Optimal Content Placement for a Large-Scale VoD System
David Applegate, Aaron Archer, Vijay Gopalakrishnan, Seungjoon Lee, Kadangode Ramakrishnan
Proceedings of ACM CoNext 2010,
Submitted to ACM CoNext 2010,
2010.
[PDF]
[BIB]
ACM Copyright
(c) ACM, 2010. This is the author's version of the work. It is posted here by permission of ACM for your personal use. Not for redistribution. The definitive version was published in ACM CoNext 2010 , 2010-12-01
IPTV service providers offering Video-on-Demand (VoD) typically have many servers at each metropolitan office to store all the videos in the library. With the rapid increase in the VoD library size, it will soon become infeasible to replicate the entire library at each office.

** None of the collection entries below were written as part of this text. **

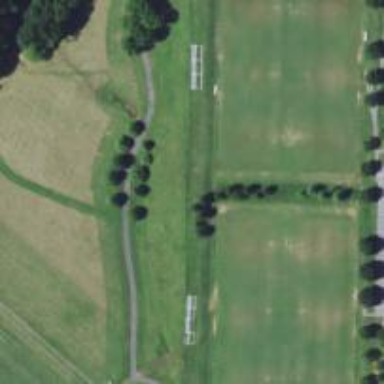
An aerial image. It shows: Soccer pitch for outdoor sports and leisure activities.
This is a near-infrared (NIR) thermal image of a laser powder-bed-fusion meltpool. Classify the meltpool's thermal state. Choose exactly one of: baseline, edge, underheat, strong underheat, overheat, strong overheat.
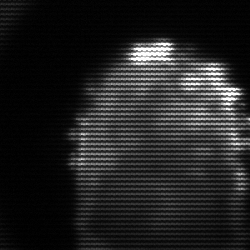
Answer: baseline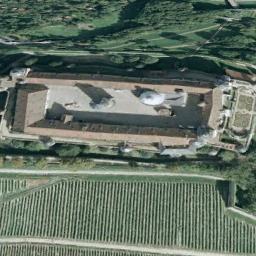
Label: palace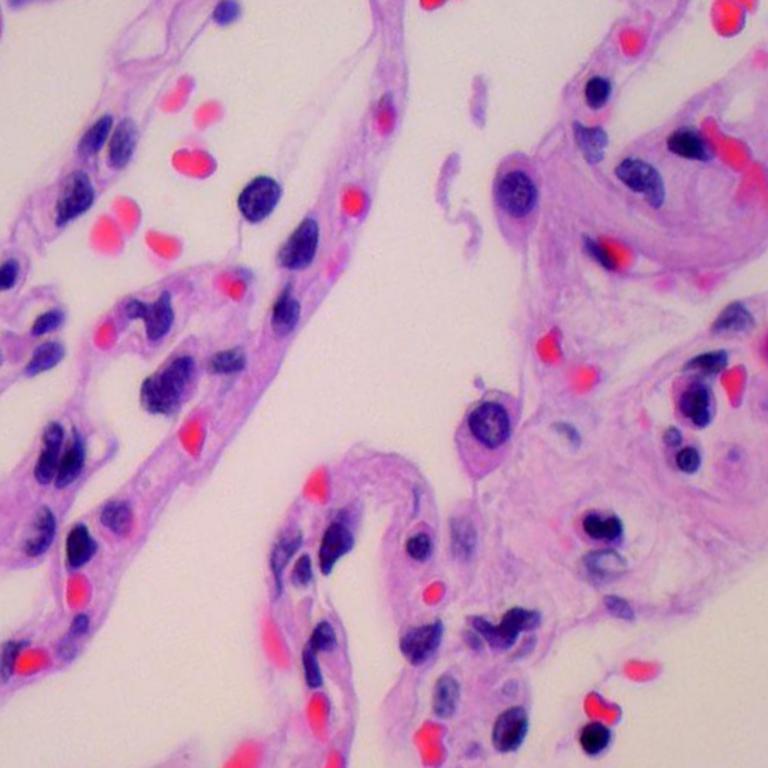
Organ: lung
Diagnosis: benign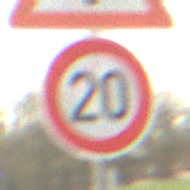
Verkehrszeichen: Geschwindigkeit20
Zusatzzeichen oben: Gefahrenstelle
Umgebung: Outdoor, Suburban
Tageszeit: MorningAfternoon
Wetter: Overcast
Licht: Natural
Jahreszeit: NotSpecified
Kontrast: LowContrast
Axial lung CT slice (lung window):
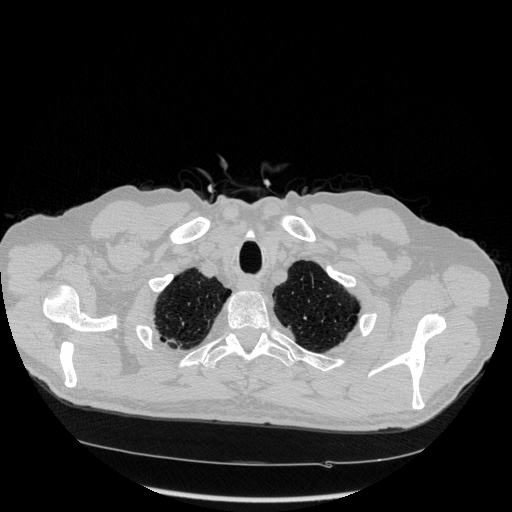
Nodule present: no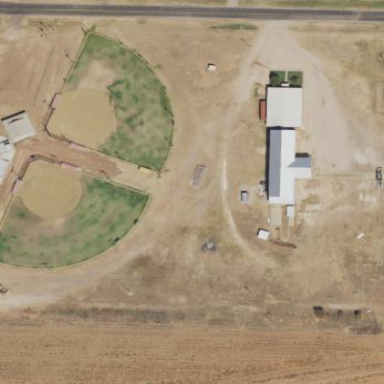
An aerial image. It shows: Baseball pitch for leisure and sports activities.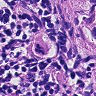
Metastatic tissue present: yes
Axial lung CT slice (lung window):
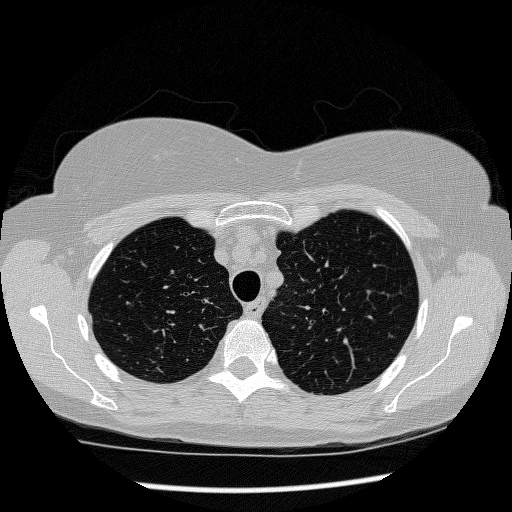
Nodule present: no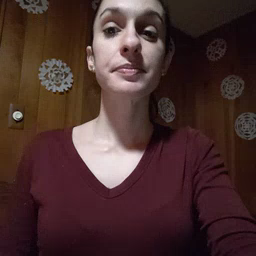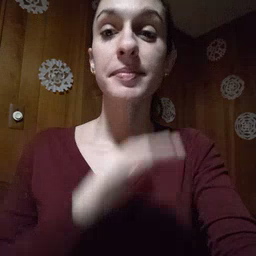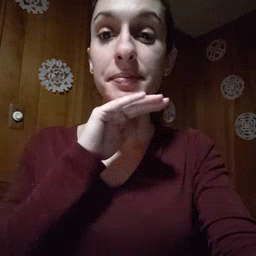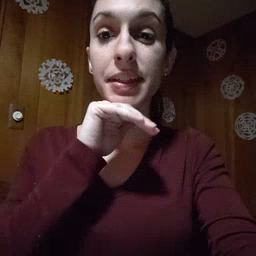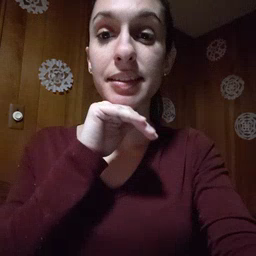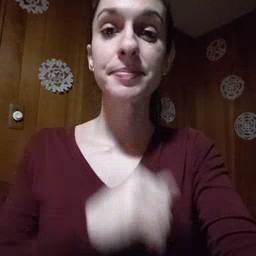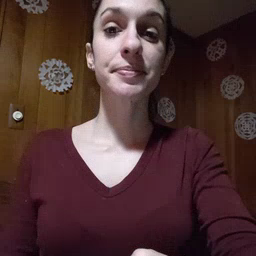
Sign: pig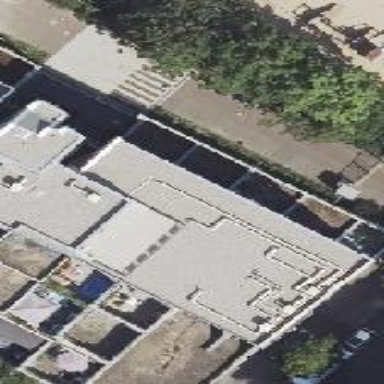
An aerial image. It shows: Part of building.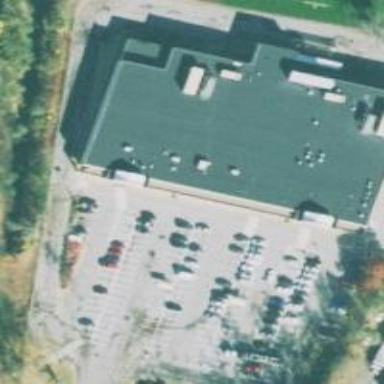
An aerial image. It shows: Supermarket.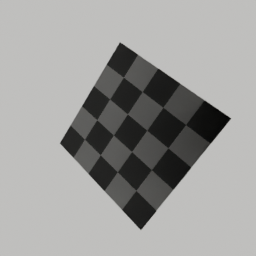
Label: decoration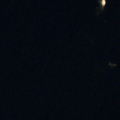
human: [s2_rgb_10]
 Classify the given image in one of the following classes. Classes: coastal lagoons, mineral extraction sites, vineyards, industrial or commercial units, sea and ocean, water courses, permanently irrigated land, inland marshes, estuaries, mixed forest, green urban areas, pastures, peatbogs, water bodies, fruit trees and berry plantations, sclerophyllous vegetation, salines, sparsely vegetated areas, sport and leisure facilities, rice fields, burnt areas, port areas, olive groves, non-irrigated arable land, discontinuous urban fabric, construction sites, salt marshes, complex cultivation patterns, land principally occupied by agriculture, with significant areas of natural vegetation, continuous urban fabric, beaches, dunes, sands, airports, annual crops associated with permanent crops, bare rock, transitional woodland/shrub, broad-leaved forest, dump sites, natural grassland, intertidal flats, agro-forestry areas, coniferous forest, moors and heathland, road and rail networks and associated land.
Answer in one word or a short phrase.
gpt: sea and ocean

We present an approach for intelligent content placement that scales to large VoD library sizes (e.g., 100Ks of videos). We formulate the problem as a mixed integer program (MIP) that takes into account constraints
such as disk space, link bandwidth, and the skew in content popularity. To overcome the challenges of scale, we employ a Lagrangian relaxation-based decomposition technique that can find a near-optimal solution (e.g., within 1-2%) with orders of magnitude speedup, relative to solving even the LP relaxation via standard software. We also present simple strategies to address practical issues such as popularity estimation, content updates, short-term popularity fluctuation, and frequency
of placement updates. Using traces from an operational system, we show that our approach significantly outperforms simpler placement strategies. For instance, our MIP-based solution can serve all requests using only half the link bandwidth used by LRU cache replacement policy. We also investigate the trade-off between disk space and network bandwidth.